Here is the story. I’m engraving a sextet (pierrot plus percussion). It is 340 measures, one movement. Its an old piece (1991). It needs a re-engraving. I’m up to about m. 250. This is a work I began with the first version of Dorico, and abandoned when I encountered a problem that awaits an update. Problems that have been fixed have involved adjustment of note and staff spacing, pedaling, working in multiple voices. Each new update meant I returned to the piece and picked up where I left off. The most recent update, with cues, had me return again, and I’ve been working in earnest. It has been quite good, and I’m getting pretty fast at the program.

Except – as my skills with Dorico have increased, the program has been slowing down! I searched the forum, and have tried some tricks. I don’t remember how I set up the master page (I was a Dorico beginner, and it was a long time ago). But to speed things up, I put a frame break in m. 1, and I set the systems-per-frame number to 2 (I want two systems per page). I am doing all of my entries in Galley view. Those gave the program a bit of a speed boost, but another 50 measures later, the program is again slowing down a LOT.

MOST impressive is that edits and adjustments when switching to engrave mode are surprisingly few! The casting off, the note spacing, the staff spacing, handling of most things over system and page breaks – it is all incredibly impressive. I do have to adjust slurs, especially on groups with big register jumps and over breaks, but not all that often.

I just wish I could get this speedy again!

Any ideas would be greatly appreciated.

Note to Daniel – if you want me to zip this file up and email it to you, I’d be happy to do that.

Thanks
David Froom

One thing that makes a huge difference for me is closing down all tabs except the one I’m working on. You can also try making a temporary layout that only contains the instruments/flows you’re working on.

Hi Anders,
Merry Christmas to you – and thanks for writing back!

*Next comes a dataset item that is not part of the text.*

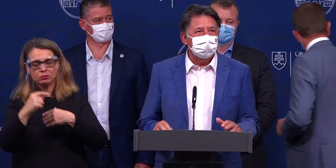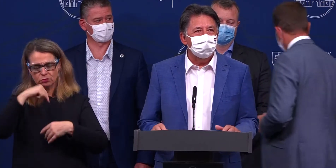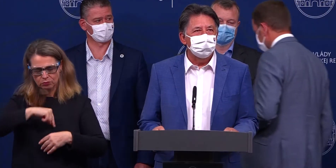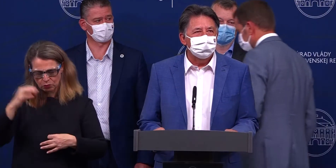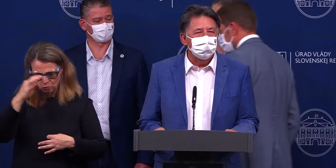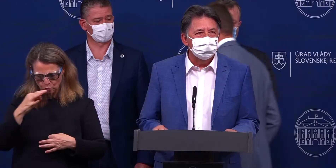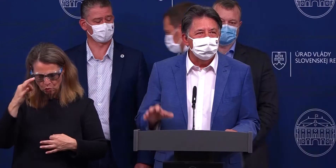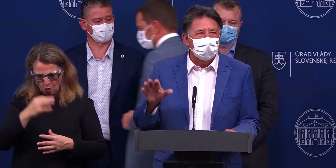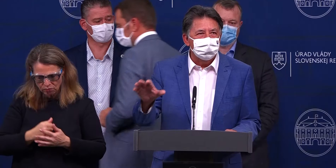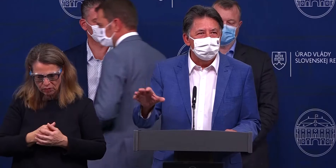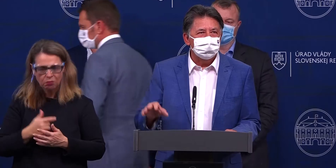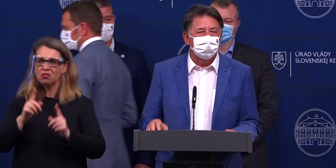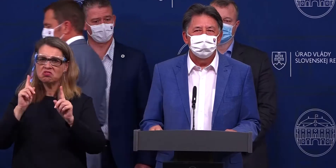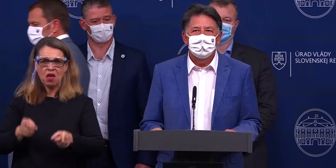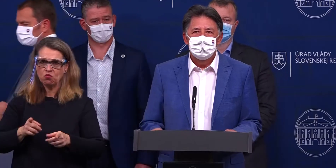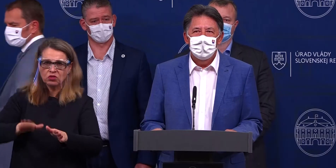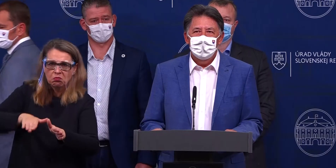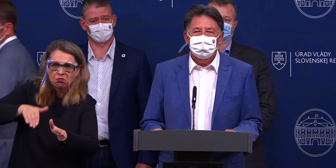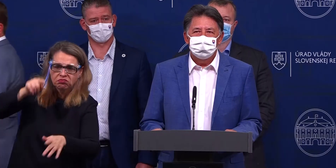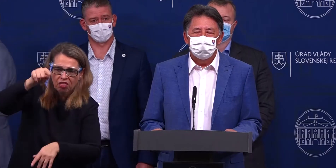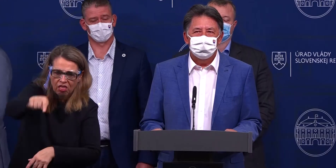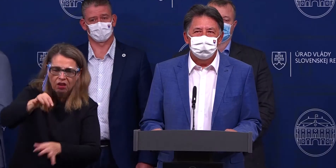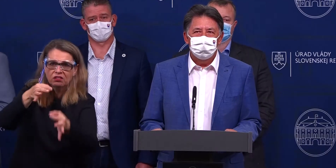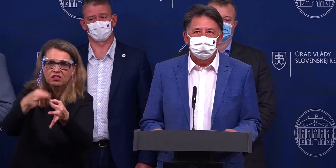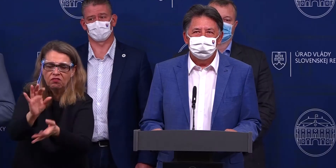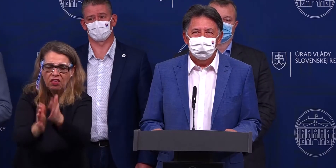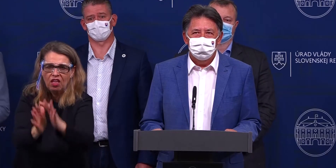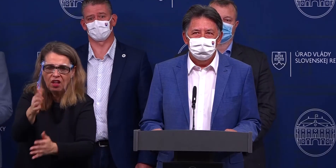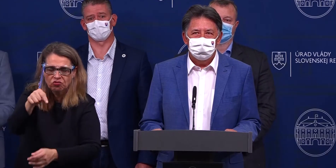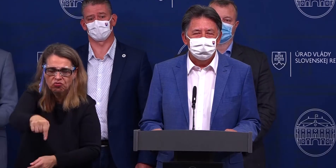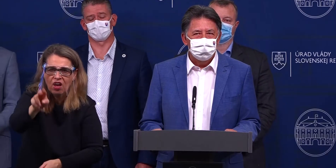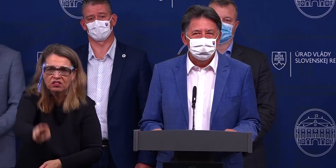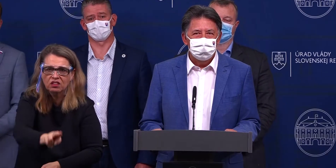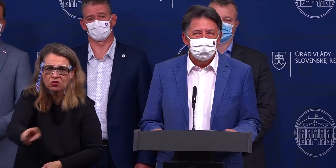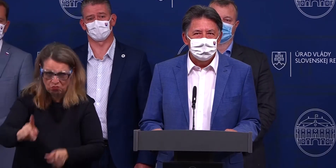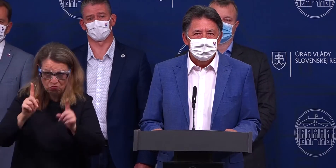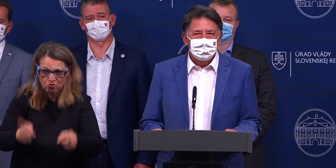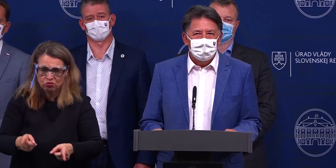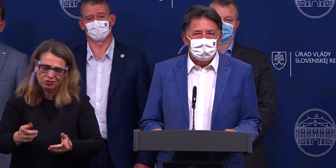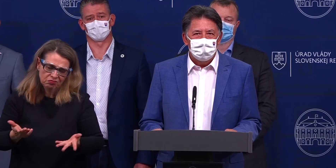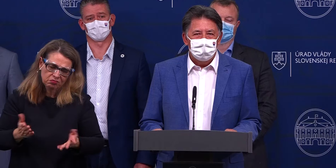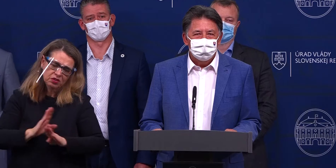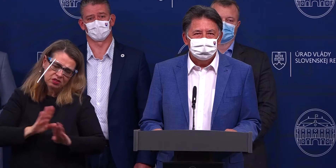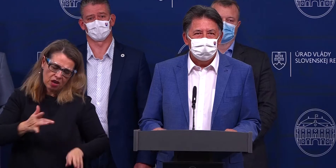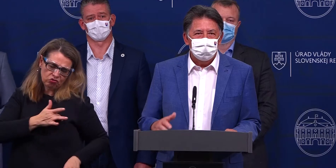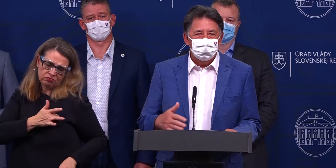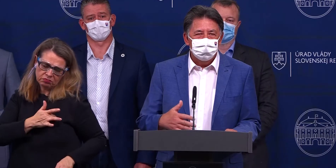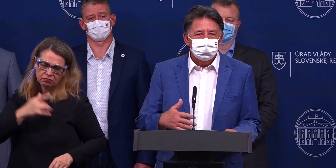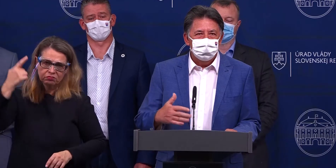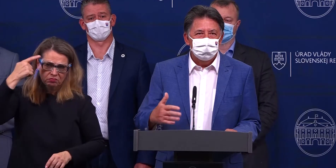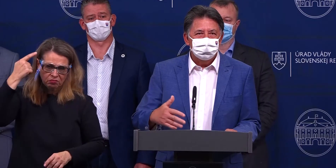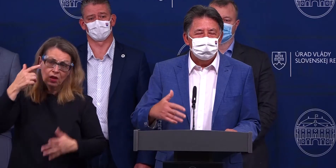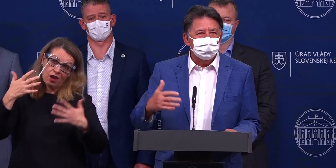cenu ísť zapaliť cviečku na to miesto, kde spočíva náš príbuzný. Alebo sa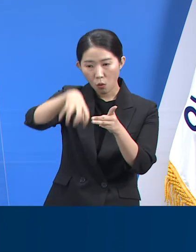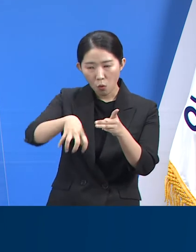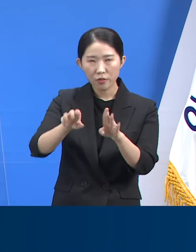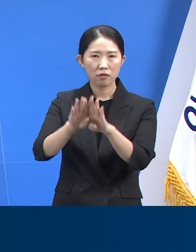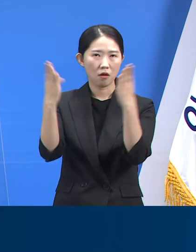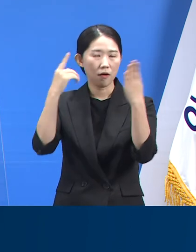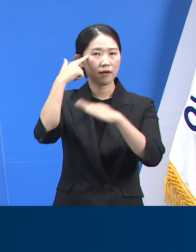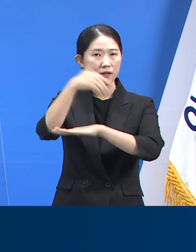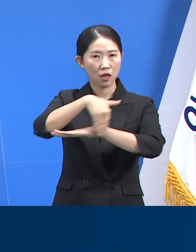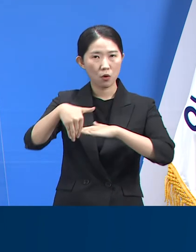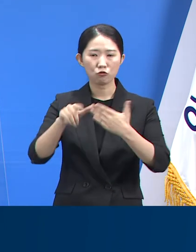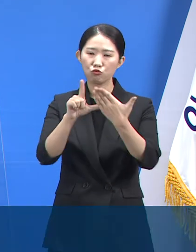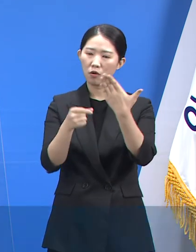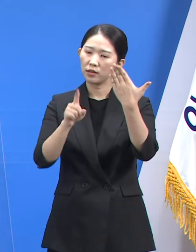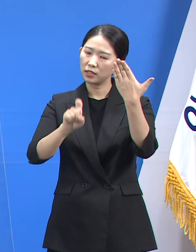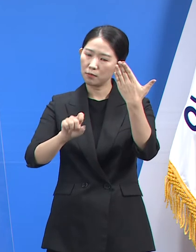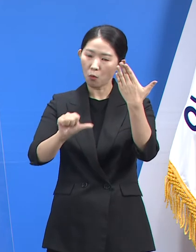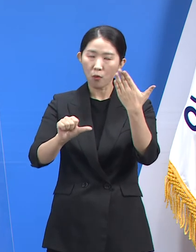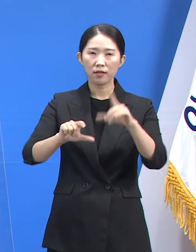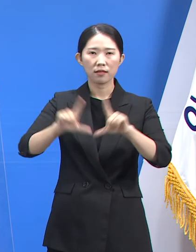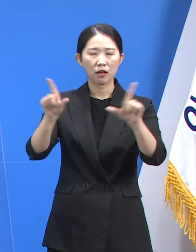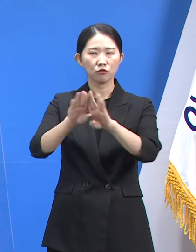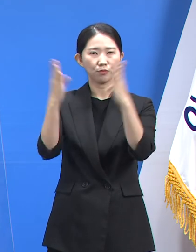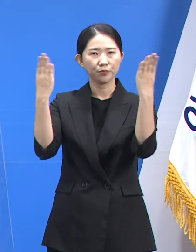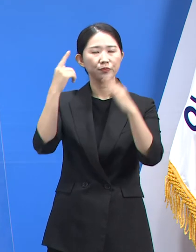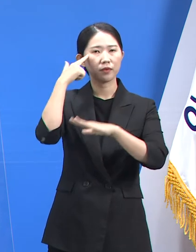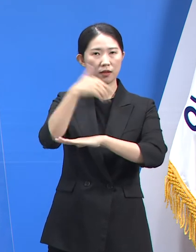생활치료센터로 추가 개소할 예정입니다.

This file has only one tab, and only one flow. This is a single-movement work. I could try entering music one instrument at a time (with that instrument only showing). I’ll report back on this.

Thanks again,
David

Well, I tried just unclicking the show tabs button, and even though I have only one open tab, this sped things up considerably.

I tried just showing single instruments, but couldn’t get things to work because those show multi-measure rests, preventing me from adding new music.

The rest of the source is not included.